When multiple policies are combined (org-wide + team + project), merge rules:

Later policies override earlier ones by section
Within egress.rules, dlp.patterns, etc., rules merge by name
If two rules share a name, the later one wins entirely (no field-level merge)
egress.default is overridden by the last policy that sets it

This allows organizations to set a baseline policy and teams to customize it.

Validation#

Implementations MUST validate policies at load time:

All regex patterns compile without error
All action values are recognized
All severity values are recognized
Strict mode (egress.default: deny) has at least one allow rule
CIDR values parse correctly

Invalid policies MUST be rejected entirely (fail-closed). Partial application of a broken policy is a security risk.

Versioning#

The policy_version field uses semver. Implementations MUST reject policies with a major version they don't support. Minor version bumps add optional fields. Patch version bumps are documentation-only.

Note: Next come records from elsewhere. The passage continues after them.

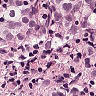
Metastatic tissue present: yes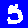
Digit: 5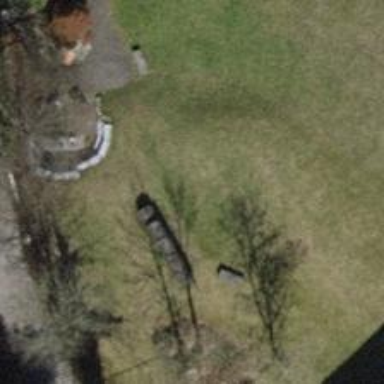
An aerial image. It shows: Playground with various play structures.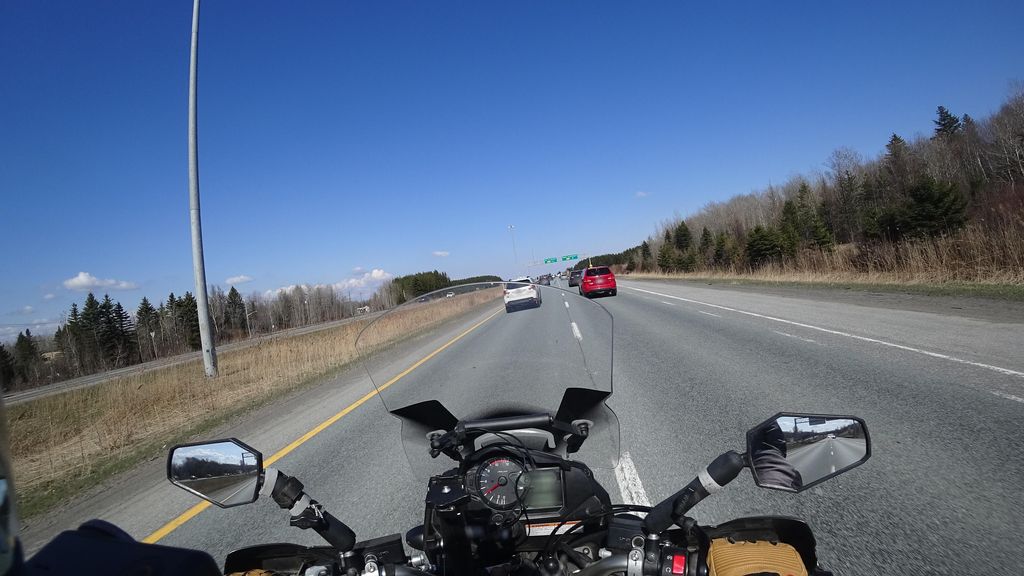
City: quebec_city

Example: Minimal Production Policy#

policy_version: "0.1.0"
name: "minimal-production"

egress:
  default: deny
  rules:
    - name: "LLM APIs"
      domains: ["*.anthropic.com", "*.openai.com"]
      action: allow
    - name: "Package registries"
      domains: ["registry.npmjs.org", "pypi.org", "pkg.go.dev"]
      action: allow

dlp:
  scan_environment: true
  patterns:
    - name: "API Keys"
      regex: 'sk-[a-zA-Z0-9\-_]{20,}'
      severity: critical

response:
  action: block

mcp:
  input_scanning:
    enabled: true
    action: block
  tool_policy:
    action: warn
    rules:
      - name: "No shell"
        tool_pattern: "execute_command|bash|shell"
        action: block

audit: {}

Relationship to Pipelock Config#

Pipelock's YAML config (pipelock.yaml) is a superset of this spec. It includes deployment fields (listen, timeout_seconds, etc.) alongside policy fields. The policy fields map directly:

Policy Spec	Pipelock Config
`egress.default`	`mode: strict` + `api_allowlist`
`egress.rules[].domains`	`api_allowlist` + `monitoring.blocklist`
`dlp.patterns`	`dlp.patterns`
`response.action`	`response_scanning.action`
`mcp.*`	`mcp_input_scanning`, `mcp_tool_scanning`, etc.
`audit`	`logging` + `emit`

See Configuration Reference for the full pipelock config documentation.